The benchmark equity index, Sensex, surpassed its previous lifetime high during the early trade on Thursday.
The Sensex peaked at 40,329 after the US Federal Reserve slashed it interest rates for the third time this year. It cooled down a little to settle at 40,129.05 on closing.
This comes 100 days after it hit an all-time high of 40,312 on July 4 ahead of the Union Budget.
The rally on Thursday was led by Asian Paints, which was up a whopping 28%, Hindustan Unilever which soared by 19%, Bajaj Finance (up 15%) and Reliance Industries (up 9%).
Four stocks -- Asian Paints, Hindustan Unilever, Bajaj Auto, and Reliance Industries -- touched 52-week highs.
Besides, global cues have also been favourable for the past few weeks. Global markets are bullish on US-China trade talks and the Brexit issue.
The Federal Reserve on Wednesday cut interest rates for the third time this year in a move to ensure the US economy weathers a global trade war without slipping into a recession.
However, it has signalled its rate-cut cycle might be at a pause.
This comes after the Indian government took several concrete steps to comb at a sharp slowdown in the Indian economic activity recently.
The Modi government among other sector specific measures reduced the corporate tax which helped several companies report better than expected results for the second quarter ending September.

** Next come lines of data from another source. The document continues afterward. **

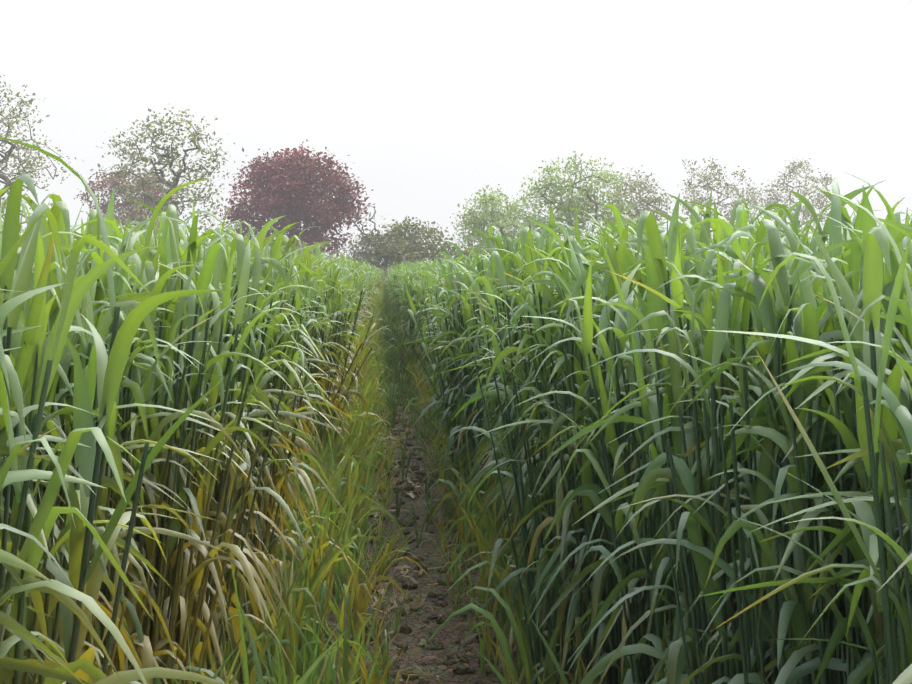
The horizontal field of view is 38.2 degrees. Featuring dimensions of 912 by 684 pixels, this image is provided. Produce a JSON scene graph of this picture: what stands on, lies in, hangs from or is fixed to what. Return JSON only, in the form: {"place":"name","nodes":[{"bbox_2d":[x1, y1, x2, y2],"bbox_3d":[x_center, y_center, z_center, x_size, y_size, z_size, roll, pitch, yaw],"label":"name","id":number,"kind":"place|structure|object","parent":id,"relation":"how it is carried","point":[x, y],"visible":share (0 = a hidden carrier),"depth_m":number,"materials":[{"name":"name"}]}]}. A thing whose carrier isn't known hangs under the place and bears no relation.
{"place":"outdoors","nodes":[
{"label":"outdoors","id":0,"kind":"place"},
{"bbox_2d":[239,324,532,683],"bbox_3d":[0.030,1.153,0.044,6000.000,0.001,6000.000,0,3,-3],"label":"ground","id":1,"kind":"structure","parent":0,"point":[448,634],"depth_m":4.59,"materials":[{"name":"soil"}]},
{"bbox_2d":[0,75,83,232],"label":"tree","id":2,"kind":"object","parent":1,"relation":"on","point":[7,182],"visible":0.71,"depth_m":111.81,"materials":[{"name":"green plant"}]},
{"bbox_2d":[74,164,182,237],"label":"red tree","id":3,"kind":"object","parent":1,"relation":"on","point":[122,205],"visible":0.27,"depth_m":171.74,"materials":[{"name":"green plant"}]},
{"bbox_2d":[96,103,234,233],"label":"pale tree","id":4,"kind":"object","parent":1,"relation":"on","point":[177,174],"visible":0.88,"depth_m":106.45,"materials":[{"name":"green plant"}]},
{"bbox_2d":[212,139,375,255],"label":"copper beech tree","id":5,"kind":"object","parent":1,"relation":"on","point":[293,190],"visible":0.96,"depth_m":134.75,"materials":[{"name":"red plant"}]},
{"bbox_2d":[282,239,358,261],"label":"hedge bush","id":6,"kind":"object","parent":1,"relation":"on","point":[322,246],"visible":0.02,"depth_m":125.47,"materials":[{"name":"green plant"}]},
{"bbox_2d":[346,200,395,263],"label":"bare tree","id":7,"kind":"object","parent":1,"relation":"on","point":[367,253],"visible":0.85,"depth_m":121.27,"materials":[{"name":"grey plant"}]},
{"bbox_2d":[282,251,472,301],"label":"tall crop","id":8,"kind":"object","parent":1,"relation":"on","point":[377,270],"visible":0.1,"depth_m":40.07,"materials":[{"name":"green plant"}]},
{"bbox_2d":[96,332,668,683],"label":"grass","id":9,"kind":"structure","parent":1,"relation":"on","point":[301,640],"depth_m":4.14,"materials":[{"name":"green plant"}]},
{"bbox_2d":[377,279,389,302],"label":"grass","id":10,"kind":"structure","parent":1,"relation":"on","point":[382,291],"depth_m":52.16,"materials":[{"name":"green plant"}]},
{"bbox_2d":[356,286,424,396],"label":"grass","id":11,"kind":"structure","parent":1,"relation":"on","point":[387,353],"depth_m":16.28,"materials":[{"name":"green plant"}]},
{"bbox_2d":[340,216,466,280],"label":"tree","id":12,"kind":"object","parent":1,"relation":"on","point":[399,247],"visible":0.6,"depth_m":123.07,"materials":[{"name":"green plant"}]},
{"bbox_2d":[308,361,518,683],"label":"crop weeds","id":13,"kind":"object","parent":1,"relation":"on","point":[455,578],"visible":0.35,"depth_m":4.51,"materials":[{"name":"green plant"}]},
{"bbox_2d":[360,359,498,683],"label":"track clods","id":14,"kind":"object","parent":1,"relation":"on","point":[405,627],"visible":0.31,"depth_m":4.80,"materials":[{"name":"soil"}]},
{"bbox_2d":[353,348,509,683],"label":"track litter","id":15,"kind":"object","parent":1,"relation":"on","point":[420,572],"visible":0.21,"depth_m":4.83,"materials":[{"name":"brown plant"}]},
{"bbox_2d":[0,137,911,683],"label":"tall crop","id":16,"kind":"object","parent":1,"relation":"on","point":[714,437],"visible":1,"depth_m":2.21,"materials":[{"name":"green plant"}]},
{"bbox_2d":[3,191,911,394],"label":"tall crop","id":17,"kind":"object","parent":1,"relation":"on","point":[416,283],"visible":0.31,"depth_m":11.93,"materials":[{"name":"green plant"}]},
{"bbox_2d":[433,241,493,259],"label":"hedge bush","id":18,"kind":"object","parent":1,"relation":"on","point":[468,252],"visible":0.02,"depth_m":126.28,"materials":[{"name":"green plant"}]},
{"bbox_2d":[450,184,545,254],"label":"tree","id":19,"kind":"object","parent":1,"relation":"on","point":[486,215],"visible":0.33,"depth_m":132.89,"materials":[{"name":"green plant"}]},
{"bbox_2d":[494,151,641,241],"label":"tree","id":20,"kind":"object","parent":1,"relation":"on","point":[569,214],"visible":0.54,"depth_m":127.41,"materials":[{"name":"green plant"}]},
{"bbox_2d":[593,165,672,238],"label":"tree","id":21,"kind":"object","parent":1,"relation":"on","point":[650,200],"visible":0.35,"depth_m":146.15,"materials":[{"name":"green plant"}]},
{"bbox_2d":[674,157,764,240],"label":"tree","id":22,"kind":"object","parent":1,"relation":"on","point":[706,186],"visible":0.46,"depth_m":194.66,"materials":[{"name":"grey plant"}]},
{"bbox_2d":[757,157,841,238],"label":"tree","id":23,"kind":"object","parent":1,"relation":"on","point":[806,212],"visible":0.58,"depth_m":211.43,"materials":[{"name":"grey plant"}]},
{"bbox_2d":[0,0,911,269],"label":"sky","id":24,"kind":"structure","parent":0,"point":[430,103],"materials":[{"name":"white"}]}
]}

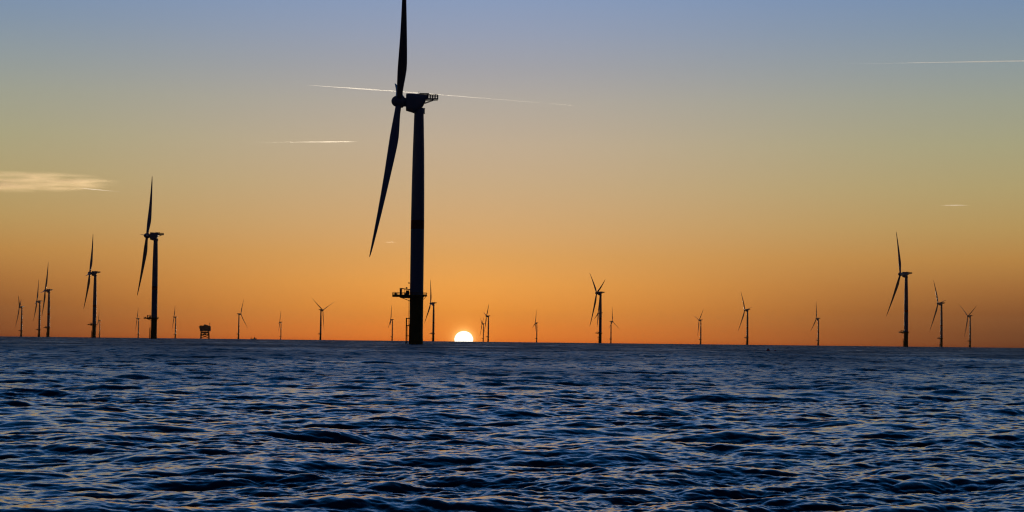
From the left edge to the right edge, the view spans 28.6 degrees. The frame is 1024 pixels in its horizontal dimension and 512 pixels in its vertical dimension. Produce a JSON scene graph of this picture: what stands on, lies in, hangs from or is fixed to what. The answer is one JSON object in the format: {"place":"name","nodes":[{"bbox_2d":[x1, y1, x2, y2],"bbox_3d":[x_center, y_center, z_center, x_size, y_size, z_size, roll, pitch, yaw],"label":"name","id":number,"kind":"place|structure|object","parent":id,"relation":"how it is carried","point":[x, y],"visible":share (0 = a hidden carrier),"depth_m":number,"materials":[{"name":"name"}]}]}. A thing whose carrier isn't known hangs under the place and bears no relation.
{"place":"outdoors","nodes":[
{"label":"outdoors","id":0,"kind":"place"},
{"bbox_2d":[454,331,472,341],"bbox_3d":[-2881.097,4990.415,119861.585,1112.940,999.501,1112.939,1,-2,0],"label":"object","id":1,"kind":"object","parent":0,"point":[464,336],"visible":0.56,"depth_m":119449.07,"materials":[{"name":"white"}]},
{"bbox_2d":[0,336,1023,511],"bbox_3d":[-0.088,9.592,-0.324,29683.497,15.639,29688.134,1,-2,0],"label":"sea","id":2,"kind":"structure","parent":0,"point":[96,424],"depth_m":50.67,"materials":[{"name":"blue liquid"}]},
{"bbox_2d":[15,297,23,336],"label":"wind turbine","id":3,"kind":"object","parent":2,"relation":"in","point":[20,306],"visible":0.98,"depth_m":7583.05,"materials":[{"name":"black metal"}]},
{"bbox_2d":[33,279,41,336],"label":"wind turbine","id":4,"kind":"object","parent":2,"relation":"in","point":[38,301],"visible":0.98,"depth_m":6354.62,"materials":[{"name":"black metal"}]},
{"bbox_2d":[41,268,51,336],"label":"wind turbine","id":5,"kind":"object","parent":2,"relation":"in","point":[47,327],"visible":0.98,"depth_m":4834.25,"materials":[{"name":"black metal"}]},
{"bbox_2d":[84,238,99,337],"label":"wind turbine","id":6,"kind":"object","parent":2,"relation":"in","point":[93,322],"visible":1,"depth_m":3478.68,"materials":[{"name":"black metal"}]},
{"bbox_2d":[135,313,139,337],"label":"wind turbine","id":7,"kind":"object","parent":2,"relation":"in","point":[138,325],"visible":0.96,"depth_m":11381.65,"materials":[{"name":"black metal"}]},
{"bbox_2d":[137,181,163,338],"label":"wind turbine","id":8,"kind":"object","parent":2,"relation":"in","point":[153,236],"visible":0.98,"depth_m":2173.35,"materials":[{"name":"black metal"}]},
{"bbox_2d":[172,310,176,337],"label":"wind turbine","id":9,"kind":"object","parent":2,"relation":"in","point":[175,324],"visible":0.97,"depth_m":10446.79,"materials":[{"name":"black metal"}]},
{"bbox_2d":[199,323,210,338],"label":"offshore substation","id":10,"kind":"object","parent":2,"relation":"in","point":[204,328],"visible":0.98,"depth_m":6410.05,"materials":[{"name":"black metal"}]},
{"bbox_2d":[233,300,247,338],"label":"wind turbine","id":11,"kind":"object","parent":2,"relation":"in","point":[238,322],"visible":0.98,"depth_m":8931.72,"materials":[{"name":"black metal"}]},
{"bbox_2d":[315,302,330,339],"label":"wind turbine","id":12,"kind":"object","parent":2,"relation":"in","point":[321,309],"visible":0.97,"depth_m":7492.35,"materials":[{"name":"black metal"}]},
{"bbox_2d":[388,305,393,340],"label":"wind turbine","id":13,"kind":"object","parent":2,"relation":"in","point":[392,323],"visible":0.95,"depth_m":10533.80,"materials":[{"name":"black metal"}]},
{"bbox_2d":[369,0,437,343],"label":"wind turbine","id":14,"kind":"object","parent":2,"relation":"in","point":[412,103],"visible":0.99,"depth_m":918.88,"materials":[{"name":"black metal"}]},
{"bbox_2d":[424,280,436,340],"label":"wind turbine","id":15,"kind":"object","parent":2,"relation":"in","point":[433,320],"visible":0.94,"depth_m":5933.72,"materials":[{"name":"black metal"}]},
{"bbox_2d":[480,318,484,341],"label":"wind turbine","id":16,"kind":"object","parent":2,"relation":"in","point":[483,330],"visible":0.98,"depth_m":12198.89,"materials":[{"name":"black metal"}]},
{"bbox_2d":[484,305,488,341],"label":"wind turbine","id":17,"kind":"object","parent":2,"relation":"in","point":[488,324],"visible":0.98,"depth_m":8704.66,"materials":[{"name":"black metal"}]},
{"bbox_2d":[532,319,536,341],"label":"wind turbine","id":18,"kind":"object","parent":2,"relation":"in","point":[535,324],"visible":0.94,"depth_m":11382.34,"materials":[{"name":"black metal"}]},
{"bbox_2d":[590,274,604,342],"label":"wind turbine","id":19,"kind":"object","parent":2,"relation":"in","point":[600,315],"visible":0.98,"depth_m":4480.82,"materials":[{"name":"black metal"}]},
{"bbox_2d":[609,313,615,342],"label":"wind turbine","id":20,"kind":"object","parent":2,"relation":"in","point":[610,338],"visible":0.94,"depth_m":10237.11,"materials":[{"name":"black metal"}]},
{"bbox_2d":[697,311,702,343],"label":"wind turbine","id":21,"kind":"object","parent":2,"relation":"in","point":[699,319],"visible":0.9,"depth_m":9260.40,"materials":[{"name":"black metal"}]},
{"bbox_2d":[738,294,751,344],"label":"wind turbine","id":22,"kind":"object","parent":2,"relation":"in","point":[746,310],"visible":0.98,"depth_m":6458.99,"materials":[{"name":"black metal"}]},
{"bbox_2d":[811,306,818,345],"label":"wind turbine","id":23,"kind":"object","parent":2,"relation":"in","point":[816,318],"visible":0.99,"depth_m":8282.43,"materials":[{"name":"black metal"}]},
{"bbox_2d":[886,232,911,346],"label":"wind turbine","id":24,"kind":"object","parent":2,"relation":"in","point":[905,330],"visible":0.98,"depth_m":3086.16,"materials":[{"name":"black metal"}]},
{"bbox_2d":[930,280,944,346],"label":"wind turbine","id":25,"kind":"object","parent":2,"relation":"in","point":[941,324],"visible":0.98,"depth_m":5174.08,"materials":[{"name":"black metal"}]},
{"bbox_2d":[961,307,974,346],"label":"wind turbine","id":26,"kind":"object","parent":2,"relation":"in","point":[969,316],"visible":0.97,"depth_m":7173.49,"materials":[{"name":"black metal"}]},
{"bbox_2d":[0,0,1023,347],"label":"sky","id":27,"kind":"structure","parent":0,"point":[689,158],"materials":[{"name":"orange"}]}
]}

Analysts are of the opinion that there is strong momentum with Q2 earnings being healthy. They see the positive sentiment to continue in the short term.
In terms of sectors, analysts are broadly betting on IT, pharma, paint, corporate bank and FMCG sectors.
It must also be stated that the Sensex plunged after it peaked on July 4 in anticipation of a corporate friendly Union Budget.
However, contrary to expectation Finance Minister Niramala Sitharaman introduced unpopular taxes like cess on Foreign Portfolio Investment, which caused massive outflow of foreign funds and sharp decline in stock market.